Print the line containing "The image shows 22 px text type, italic" and each line after it through the end of the material below, exactly as it appears, but skip the pictures.

--- START ---

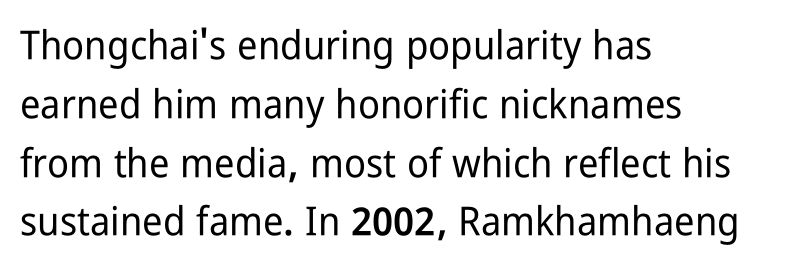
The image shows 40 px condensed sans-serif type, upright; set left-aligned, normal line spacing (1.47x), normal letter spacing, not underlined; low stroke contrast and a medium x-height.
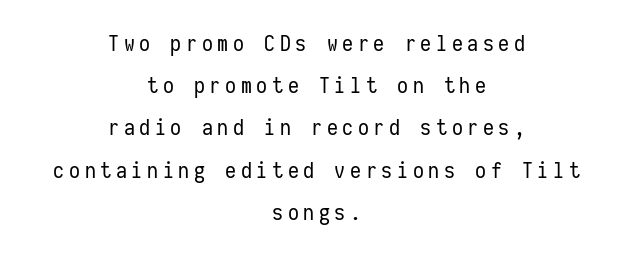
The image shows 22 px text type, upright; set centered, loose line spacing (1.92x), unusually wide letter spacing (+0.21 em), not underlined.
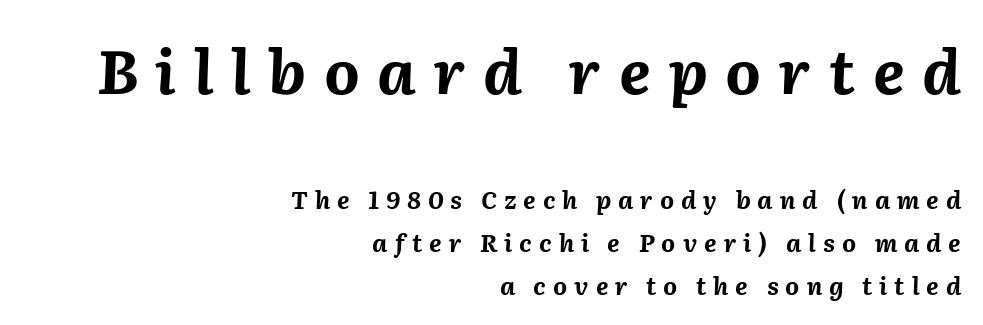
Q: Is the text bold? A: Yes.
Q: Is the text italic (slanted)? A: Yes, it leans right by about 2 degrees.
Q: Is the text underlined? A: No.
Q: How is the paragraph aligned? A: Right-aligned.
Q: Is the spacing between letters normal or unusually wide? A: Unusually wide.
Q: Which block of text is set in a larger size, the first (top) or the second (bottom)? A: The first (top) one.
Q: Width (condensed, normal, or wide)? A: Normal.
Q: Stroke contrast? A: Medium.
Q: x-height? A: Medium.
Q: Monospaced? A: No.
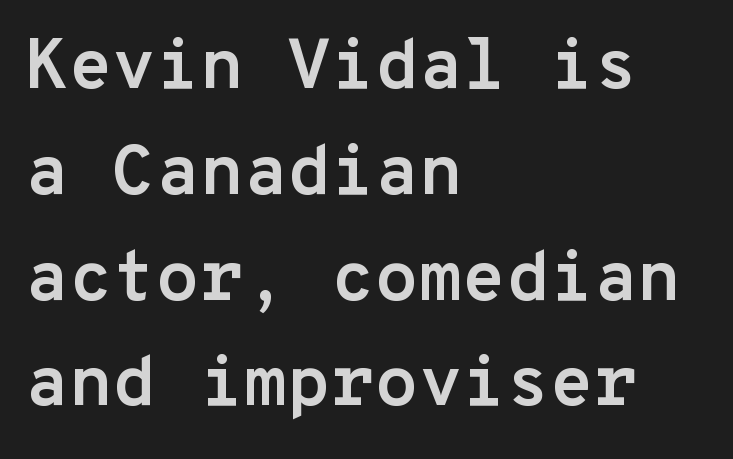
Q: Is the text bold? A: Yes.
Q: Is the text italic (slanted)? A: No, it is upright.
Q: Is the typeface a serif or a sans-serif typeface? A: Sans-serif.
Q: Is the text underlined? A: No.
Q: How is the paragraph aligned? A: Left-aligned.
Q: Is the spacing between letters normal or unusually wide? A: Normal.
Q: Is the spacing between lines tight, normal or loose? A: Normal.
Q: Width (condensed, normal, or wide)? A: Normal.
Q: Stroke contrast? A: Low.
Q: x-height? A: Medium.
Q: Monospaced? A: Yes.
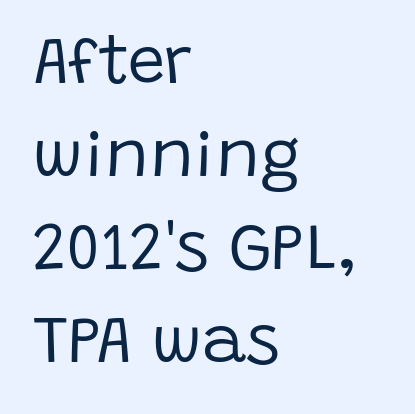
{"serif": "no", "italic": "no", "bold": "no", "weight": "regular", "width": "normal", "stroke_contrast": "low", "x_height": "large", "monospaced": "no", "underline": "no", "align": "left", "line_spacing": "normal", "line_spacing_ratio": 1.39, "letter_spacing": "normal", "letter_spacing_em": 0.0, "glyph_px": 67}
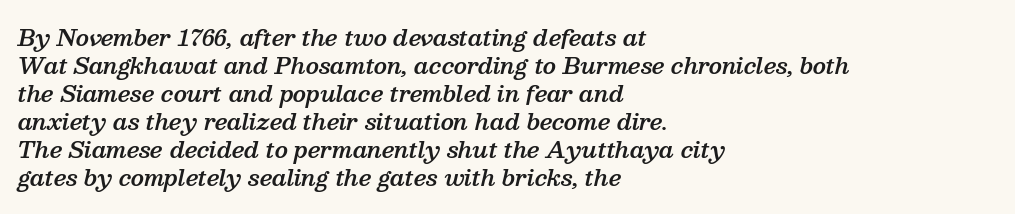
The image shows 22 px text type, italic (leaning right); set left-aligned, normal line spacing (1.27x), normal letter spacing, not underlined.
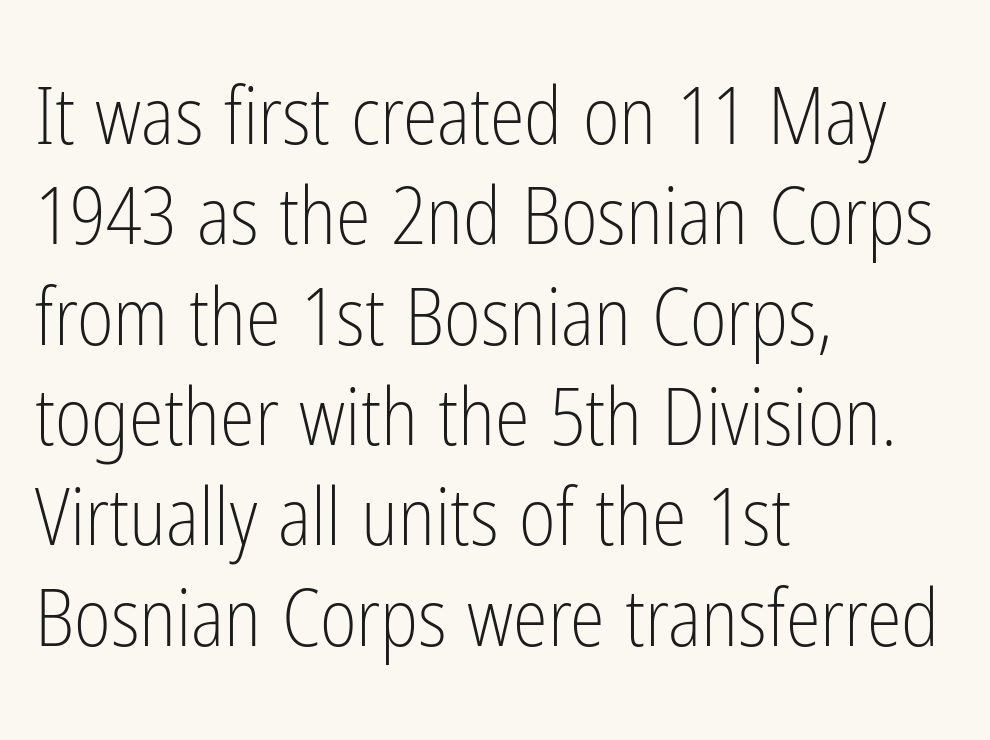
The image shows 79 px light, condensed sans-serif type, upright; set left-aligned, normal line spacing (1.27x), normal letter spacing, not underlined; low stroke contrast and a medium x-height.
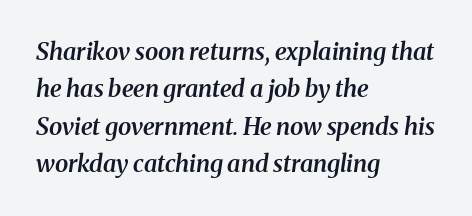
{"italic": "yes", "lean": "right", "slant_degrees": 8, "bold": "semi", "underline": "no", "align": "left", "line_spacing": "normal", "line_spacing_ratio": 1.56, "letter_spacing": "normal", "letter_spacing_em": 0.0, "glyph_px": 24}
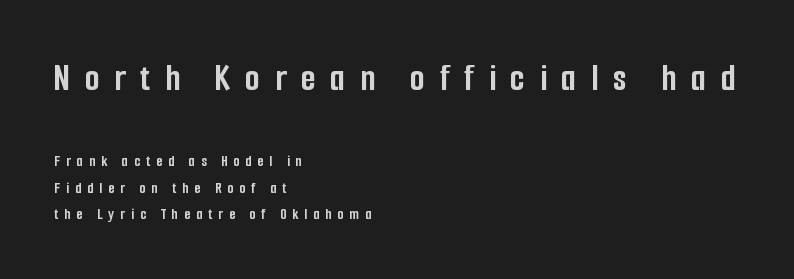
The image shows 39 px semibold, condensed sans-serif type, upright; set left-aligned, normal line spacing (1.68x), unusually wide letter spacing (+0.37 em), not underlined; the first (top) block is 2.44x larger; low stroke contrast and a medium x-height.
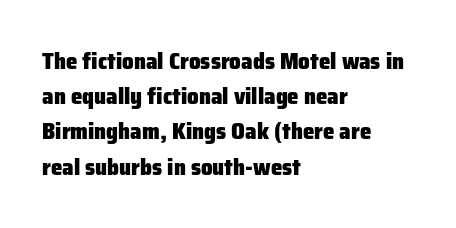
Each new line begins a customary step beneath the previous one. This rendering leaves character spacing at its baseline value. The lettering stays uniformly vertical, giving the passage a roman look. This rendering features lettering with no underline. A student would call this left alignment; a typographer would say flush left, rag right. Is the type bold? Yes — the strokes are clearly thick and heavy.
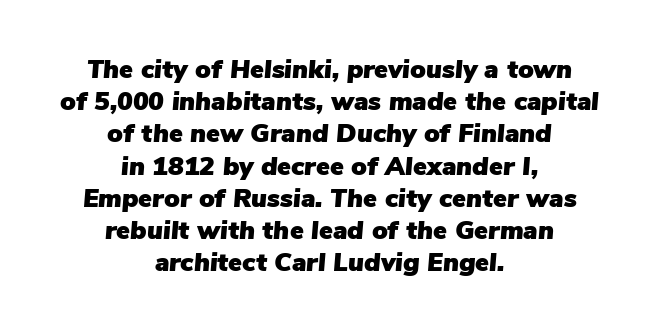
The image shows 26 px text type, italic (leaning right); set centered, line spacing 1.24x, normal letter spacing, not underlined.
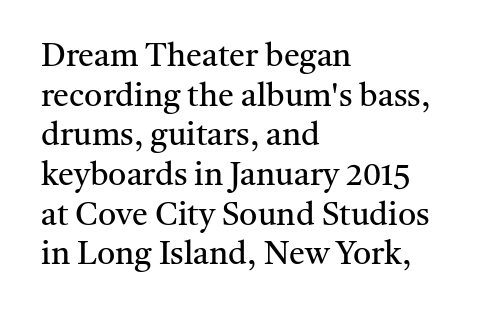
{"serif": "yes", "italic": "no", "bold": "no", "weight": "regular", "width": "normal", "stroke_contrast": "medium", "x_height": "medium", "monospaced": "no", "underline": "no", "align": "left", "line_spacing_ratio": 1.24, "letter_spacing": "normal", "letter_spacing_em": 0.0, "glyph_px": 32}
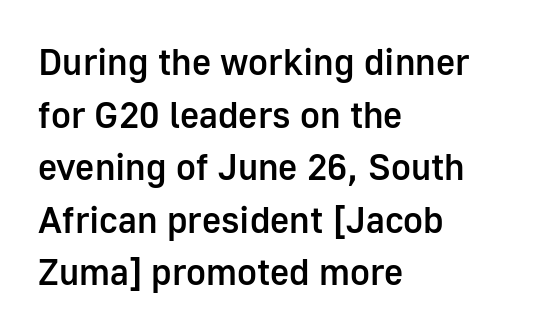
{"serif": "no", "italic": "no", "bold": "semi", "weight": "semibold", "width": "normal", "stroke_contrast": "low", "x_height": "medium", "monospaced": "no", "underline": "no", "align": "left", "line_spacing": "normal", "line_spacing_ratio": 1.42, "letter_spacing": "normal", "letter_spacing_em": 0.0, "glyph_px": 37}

--- END ---

Completed task:
The image shows 22 px text type, italic (leaning right); set left-aligned, normal line spacing (1.27x), normal letter spacing, not underlined.
The image shows 79 px light, condensed sans-serif type, upright; set left-aligned, normal line spacing (1.27x), normal letter spacing, not underlined; low stroke contrast and a medium x-height.
{"italic": "yes", "lean": "right", "slant_degrees": 8, "bold": "semi", "underline": "no", "align": "left", "line_spacing": "normal", "line_spacing_ratio": 1.56, "letter_spacing": "normal", "letter_spacing_em": 0.0, "glyph_px": 24}
The image shows 39 px semibold, condensed sans-serif type, upright; set left-aligned, normal line spacing (1.68x), unusually wide letter spacing (+0.37 em), not underlined; the first (top) block is 2.44x larger; low stroke contrast and a medium x-height.
Each new line begins a customary step beneath the previous one. This rendering leaves character spacing at its baseline value. The lettering stays uniformly vertical, giving the passage a roman look. This rendering features lettering with no underline. A student would call this left alignment; a typographer would say flush left, rag right. Is the type bold? Yes — the strokes are clearly thick and heavy.
The image shows 26 px text type, italic (leaning right); set centered, line spacing 1.24x, normal letter spacing, not underlined.
{"serif": "yes", "italic": "no", "bold": "no", "weight": "regular", "width": "normal", "stroke_contrast": "medium", "x_height": "medium", "monospaced": "no", "underline": "no", "align": "left", "line_spacing_ratio": 1.24, "letter_spacing": "normal", "letter_spacing_em": 0.0, "glyph_px": 32}
{"serif": "no", "italic": "no", "bold": "semi", "weight": "semibold", "width": "normal", "stroke_contrast": "low", "x_height": "medium", "monospaced": "no", "underline": "no", "align": "left", "line_spacing": "normal", "line_spacing_ratio": 1.42, "letter_spacing": "normal", "letter_spacing_em": 0.0, "glyph_px": 37}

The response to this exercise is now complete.